Lahti also plays a feminist, this one a politically correct professor who takes an instinctive dislike to one of her students, a blueblood with the Roman numeral III after his name, in the previously announced “Third” (Sept. 19-Oct. 21), the final play by the late Wendy Wasserstein.

Laurie Metcalf, who last appeared at the Geffen in this season’s “All My Sons,” will star in Jane Anderson’s “Quality of Life” (Oct. 10-Nov. 18), a Geffen-commissioned premiere in the smaller Audrey Skirball Kenis Theater. Her husband is terminally ill, their home has burned and they’re living in a yurt, and now house guests arrive who have their own crosses to bear. The other Skirball Kenis production is the solo show “Emergence-See!” (dates TBA) by Daniel Beaty, who plays 40 roles in a fantasy about a slave ship rising from the Hudson River in contemporary New York.

The Geffen’s third world premiere, “Atlanta” (Nov. 28-Dec. 30), is a musical about a Yankee soldier trying to survive behind Confederate lines during the Civil War.

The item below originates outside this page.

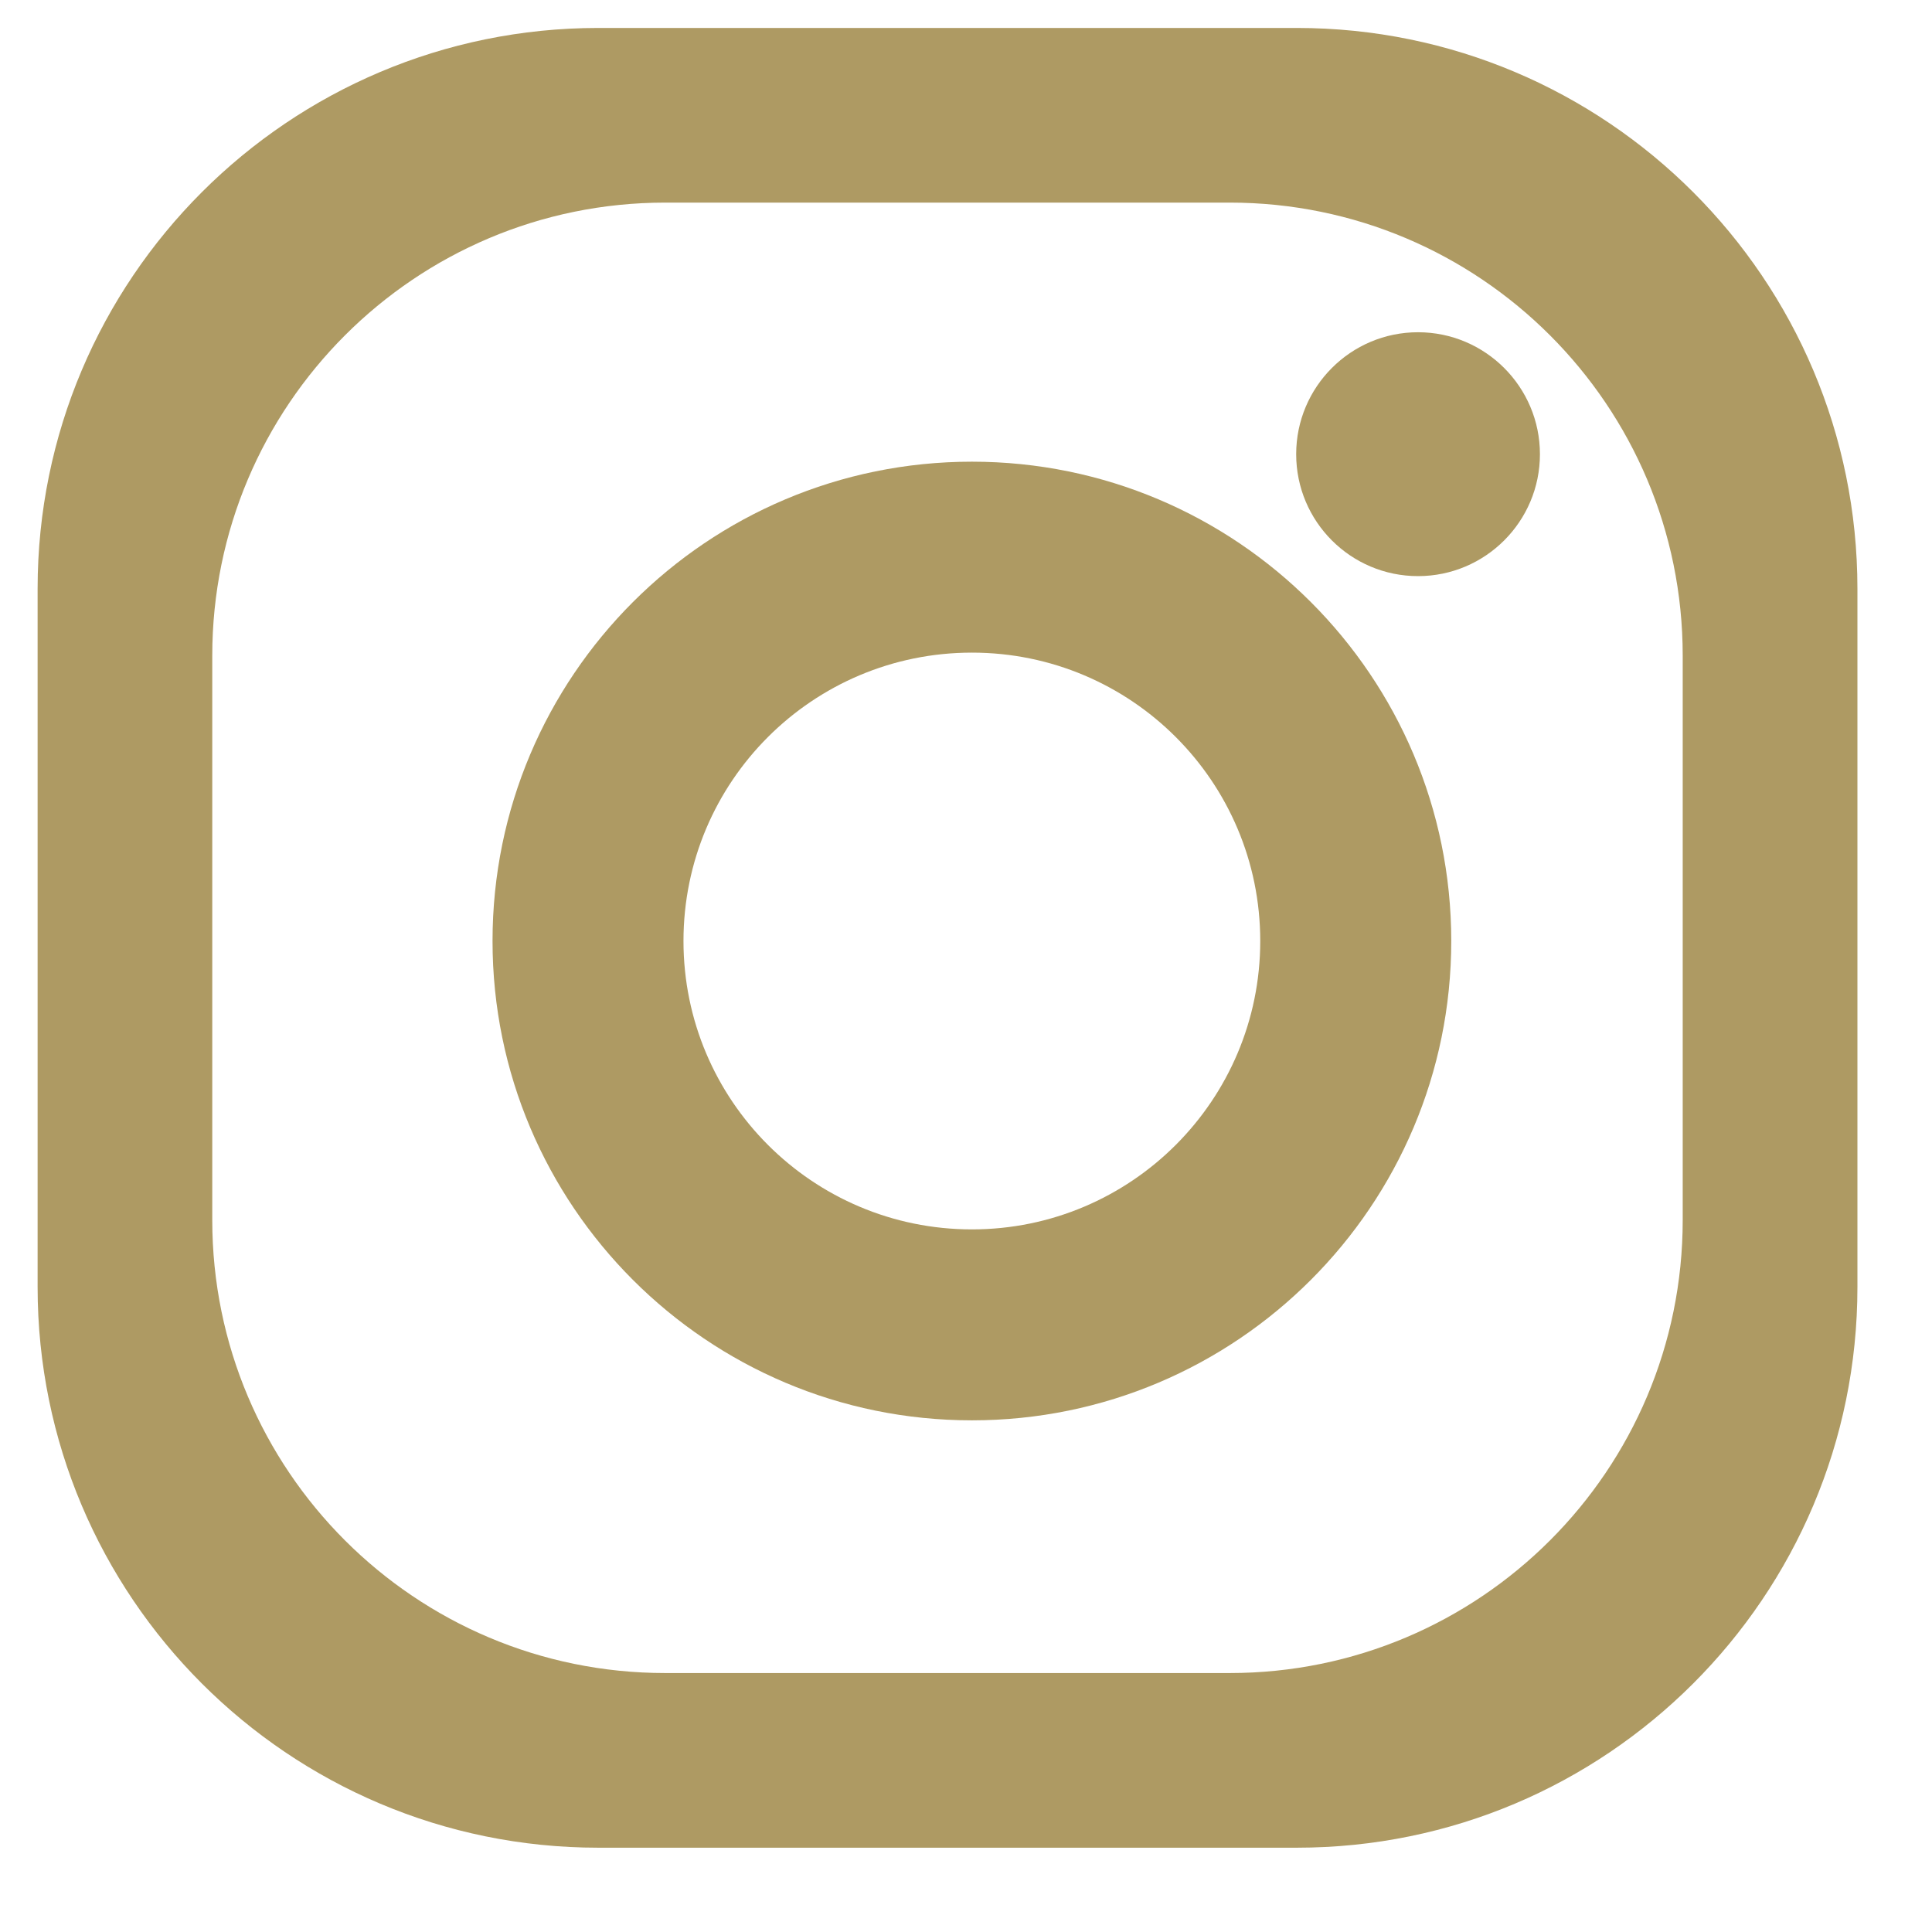 <?xml version="1.0" encoding="UTF-8" standalone="no"?><!DOCTYPE svg PUBLIC "-//W3C//DTD SVG 1.1//EN" "http://www.w3.org/Graphics/SVG/1.1/DTD/svg11.dtd"><svg width="30px" height="30px" version="1.1" xmlns="http://www.w3.org/2000/svg" xmlns:xlink="http://www.w3.org/1999/xlink" xml:space="preserve" xmlns:serif="http://www.serif.com/" style="fill-rule:evenodd;clip-rule:evenodd;stroke-linejoin:round;stroke-miterlimit:1.414;"><g><path d="M26.129,18.945c0,3.886 -3.15,7.034 -7.034,7.034l-8.764,0c-3.885,0 -7.035,-3.148 -7.035,-7.034l0,-8.764c0,-3.884 3.15,-7.035 7.035,-7.035l8.764,0c3.884,0 7.034,3.151 7.034,7.035l0,8.764Zm-5.993,-18.511l-10.845,0c-4.809,0 -8.707,3.898 -8.707,8.708l0,10.844c0,4.807 3.898,8.705 8.707,8.705l10.845,0c4.808,0 8.706,-3.898 8.706,-8.705l0,-10.844c0,-4.81 -3.898,-8.708 -8.706,-8.708" style="fill:#ae9a63;fill-rule:nonzero;"/><path d="M15.092,19.09c-2.475,0 -4.479,-2.006 -4.479,-4.478c0,-2.475 2.004,-4.478 4.479,-4.478c2.472,0 4.477,2.003 4.477,4.478c0,2.472 -2.005,4.478 -4.477,4.478m0,-11.921c-4.112,0 -7.444,3.332 -7.444,7.443c0,4.109 3.332,7.443 7.444,7.443c4.11,0 7.443,-3.334 7.443,-7.443c0,-4.111 -3.333,-7.443 -7.443,-7.443" style="fill:#ae9a63;fill-rule:nonzero;"/><path d="M23.912,7.053c0,1.045 -0.849,1.893 -1.893,1.893c-1.045,0 -1.892,-0.848 -1.892,-1.893c0,-1.045 0.847,-1.894 1.892,-1.894c1.044,0 1.893,0.849 1.893,1.894" style="fill:#ae9a63;fill-rule:nonzero;"/></g></svg>

The songs are sonnets and soliloquies of William Shakespeare set to a bluegrass-country score by Marcus Hummon, with a book by Hummon and Adrian Pasdar. A fifth main stage play will be announced.

At SCR, where revivals of Broadway musicals are a once-in-a-generation occurrence, Stephen Sondheim and Hugh Wheeler’s “A Little Night Music” opens the Segerstrom Stage season (Sept. 14-Oct. 7), followed by John Patrick Shanley’s Pulitzer- and Tony-winning drama, “Doubt” (Oct. 26-Nov. 18), Oscar Wilde’s “The Importance of Being Earnest” (Feb. 15-March 9), “Taking Steps,” the ninth Alan Ayckbourn comedy to be done at SCR (May 23-June 15, 2008), and a world premiere to be announced.

On the Argyros Stage, Margulies’ play opens the season, followed by “A Feminine Ending,” (Jan. 11-27), Sarah Treem’s romantic comedy about a woman’s attempt to write a symphony; “Culture Clash in AmeriCCa,” (March 21-April 6), and another world premiere to be announced.